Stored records
▽

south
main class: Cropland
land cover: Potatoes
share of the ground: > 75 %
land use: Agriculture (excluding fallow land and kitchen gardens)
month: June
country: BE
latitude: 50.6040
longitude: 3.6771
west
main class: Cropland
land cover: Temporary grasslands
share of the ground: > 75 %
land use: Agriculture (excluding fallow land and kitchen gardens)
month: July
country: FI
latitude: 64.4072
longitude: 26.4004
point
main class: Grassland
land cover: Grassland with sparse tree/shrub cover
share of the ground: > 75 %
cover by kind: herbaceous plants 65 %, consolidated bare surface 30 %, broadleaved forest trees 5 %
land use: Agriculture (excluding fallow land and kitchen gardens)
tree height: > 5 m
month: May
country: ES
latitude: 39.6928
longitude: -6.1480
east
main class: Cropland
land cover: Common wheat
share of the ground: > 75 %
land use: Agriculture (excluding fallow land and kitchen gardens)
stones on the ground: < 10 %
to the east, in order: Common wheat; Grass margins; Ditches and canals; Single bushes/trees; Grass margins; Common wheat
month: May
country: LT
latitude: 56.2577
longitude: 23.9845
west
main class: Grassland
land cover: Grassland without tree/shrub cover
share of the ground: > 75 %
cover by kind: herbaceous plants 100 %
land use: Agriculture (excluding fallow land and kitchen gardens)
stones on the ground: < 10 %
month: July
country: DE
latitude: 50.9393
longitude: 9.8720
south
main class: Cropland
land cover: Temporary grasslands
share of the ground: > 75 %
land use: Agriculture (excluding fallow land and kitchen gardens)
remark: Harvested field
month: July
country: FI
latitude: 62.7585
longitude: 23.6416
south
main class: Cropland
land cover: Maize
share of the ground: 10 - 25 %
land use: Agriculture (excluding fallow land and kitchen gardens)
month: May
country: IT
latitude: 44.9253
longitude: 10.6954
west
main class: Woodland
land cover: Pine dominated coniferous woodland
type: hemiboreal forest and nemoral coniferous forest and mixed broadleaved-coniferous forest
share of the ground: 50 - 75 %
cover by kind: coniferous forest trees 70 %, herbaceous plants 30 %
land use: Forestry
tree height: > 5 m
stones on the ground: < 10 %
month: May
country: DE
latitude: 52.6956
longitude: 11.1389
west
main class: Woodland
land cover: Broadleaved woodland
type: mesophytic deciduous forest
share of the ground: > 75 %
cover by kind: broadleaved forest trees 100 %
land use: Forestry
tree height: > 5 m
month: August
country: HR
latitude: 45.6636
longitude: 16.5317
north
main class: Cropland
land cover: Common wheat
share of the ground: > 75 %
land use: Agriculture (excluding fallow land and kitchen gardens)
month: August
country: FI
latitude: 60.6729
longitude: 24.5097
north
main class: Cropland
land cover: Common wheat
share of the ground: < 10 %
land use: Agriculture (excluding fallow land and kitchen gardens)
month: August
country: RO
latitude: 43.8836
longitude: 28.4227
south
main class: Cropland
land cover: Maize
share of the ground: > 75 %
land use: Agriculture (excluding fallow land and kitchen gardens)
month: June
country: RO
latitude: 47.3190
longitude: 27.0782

△

TASK REQUIREMENTS:
Would you output every entry exactly as it was written?

WORKED SOLUTION:
south
main class: Cropland
land cover: Potatoes
share of the ground: > 75 %
land use: Agriculture (excluding fallow land and kitchen gardens)
month: June
country: BE
latitude: 50.6040
longitude: 3.6771
west
main class: Cropland
land cover: Temporary grasslands
share of the ground: > 75 %
land use: Agriculture (excluding fallow land and kitchen gardens)
month: July
country: FI
latitude: 64.4072
longitude: 26.4004
point
main class: Grassland
land cover: Grassland with sparse tree/shrub cover
share of the ground: > 75 %
cover by kind: herbaceous plants 65 %, consolidated bare surface 30 %, broadleaved forest trees 5 %
land use: Agriculture (excluding fallow land and kitchen gardens)
tree height: > 5 m
month: May
country: ES
latitude: 39.6928
longitude: -6.1480
east
main class: Cropland
land cover: Common wheat
share of the ground: > 75 %
land use: Agriculture (excluding fallow land and kitchen gardens)
stones on the ground: < 10 %
to the east, in order: Common wheat; Grass margins; Ditches and canals; Single bushes/trees; Grass margins; Common wheat
month: May
country: LT
latitude: 56.2577
longitude: 23.9845
west
main class: Grassland
land cover: Grassland without tree/shrub cover
share of the ground: > 75 %
cover by kind: herbaceous plants 100 %
land use: Agriculture (excluding fallow land and kitchen gardens)
stones on the ground: < 10 %
month: July
country: DE
latitude: 50.9393
longitude: 9.8720
south
main class: Cropland
land cover: Temporary grasslands
share of the ground: > 75 %
land use: Agriculture (excluding fallow land and kitchen gardens)
remark: Harvested field
month: July
country: FI
latitude: 62.7585
longitude: 23.6416
south
main class: Cropland
land cover: Maize
share of the ground: 10 - 25 %
land use: Agriculture (excluding fallow land and kitchen gardens)
month: May
country: IT
latitude: 44.9253
longitude: 10.6954
west
main class: Woodland
land cover: Pine dominated coniferous woodland
type: hemiboreal forest and nemoral coniferous forest and mixed broadleaved-coniferous forest
share of the ground: 50 - 75 %
cover by kind: coniferous forest trees 70 %, herbaceous plants 30 %
land use: Forestry
tree height: > 5 m
stones on the ground: < 10 %
month: May
country: DE
latitude: 52.6956
longitude: 11.1389
west
main class: Woodland
land cover: Broadleaved woodland
type: mesophytic deciduous forest
share of the ground: > 75 %
cover by kind: broadleaved forest trees 100 %
land use: Forestry
tree height: > 5 m
month: August
country: HR
latitude: 45.6636
longitude: 16.5317
north
main class: Cropland
land cover: Common wheat
share of the ground: > 75 %
land use: Agriculture (excluding fallow land and kitchen gardens)
month: August
country: FI
latitude: 60.6729
longitude: 24.5097
north
main class: Cropland
land cover: Common wheat
share of the ground: < 10 %
land use: Agriculture (excluding fallow land and kitchen gardens)
month: August
country: RO
latitude: 43.8836
longitude: 28.4227
south
main class: Cropland
land cover: Maize
share of the ground: > 75 %
land use: Agriculture (excluding fallow land and kitchen gardens)
month: June
country: RO
latitude: 47.3190
longitude: 27.0782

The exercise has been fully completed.